The synthesizer sample correctly promotes "import-confusion" (3 independent participants) to INSIGHT and flags "wants-slack" (1 participant) as an ANECDOTE.

## Forcing-question library (Matt Pocock grill discipline)

Walked one at a time by `/cs:grill-research-ops` or the orchestrator. Recommended answer + canon citation per question. Never bundled.

1. **"Is this study generative (discover problems) or evaluative (test a solution)?"**
   Recommended: name it first — the method follows from the goal.
   Canon: Rohrer, *When to Use Which User-Experience Research Methods* (NN/g).

2. **"What's your sample size and saturation rationale — and at what confidence?"**
   Recommended: method-based n (5/segment usability; ~12 for thematic saturation), state the confidence.
   Canon: Nielsen; Guest, Bunce & Johnson (2006); Faulkner (2003).

3. **"How many independent participants support each insight — or is it a single-source anecdote?"**
   Recommended: require recurrence across ≥3 sources before calling it an insight; flag singletons.
   Canon: atomic research / ResearchOps; Braun & Clarke thematic analysis.

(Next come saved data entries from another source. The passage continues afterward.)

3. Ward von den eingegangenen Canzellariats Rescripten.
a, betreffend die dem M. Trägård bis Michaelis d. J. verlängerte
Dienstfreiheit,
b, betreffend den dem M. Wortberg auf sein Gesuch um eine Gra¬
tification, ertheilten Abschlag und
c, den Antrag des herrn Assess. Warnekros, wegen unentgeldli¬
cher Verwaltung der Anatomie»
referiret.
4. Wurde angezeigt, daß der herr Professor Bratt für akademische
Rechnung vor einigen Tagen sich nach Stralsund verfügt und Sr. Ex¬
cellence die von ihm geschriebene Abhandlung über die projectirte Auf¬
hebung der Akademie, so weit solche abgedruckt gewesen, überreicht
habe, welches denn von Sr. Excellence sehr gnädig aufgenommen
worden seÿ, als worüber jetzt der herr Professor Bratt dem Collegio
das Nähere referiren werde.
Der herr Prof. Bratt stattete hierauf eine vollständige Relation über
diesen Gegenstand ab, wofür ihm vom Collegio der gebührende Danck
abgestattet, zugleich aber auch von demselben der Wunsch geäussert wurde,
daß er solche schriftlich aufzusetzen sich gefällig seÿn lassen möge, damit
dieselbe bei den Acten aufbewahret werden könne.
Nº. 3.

4. **"Are your interview / usability tasks framed as outcomes (jobs) or as feature reactions?"**
   Recommended: frame around the job-to-be-done and recent real behavior, not hypothetical opinion.
   Canon: Christensen/Ulwick Jobs-to-be-Done; Portigal *Interviewing Users*.

5. **"Where does this land in the repository, and how is it tagged for reuse?"**
   Recommended: tag to the atomic schema at synthesis time, not later.
   Canon: Tomer Sharon, *Polaris* / ResearchOps repository practice.

Walk depth-first. Lock 1-2 before opening 3-5. After all are answered, invoke `study_designer.py` → `saturation_planner.py` → (after fielding) `insight_synthesizer.py`.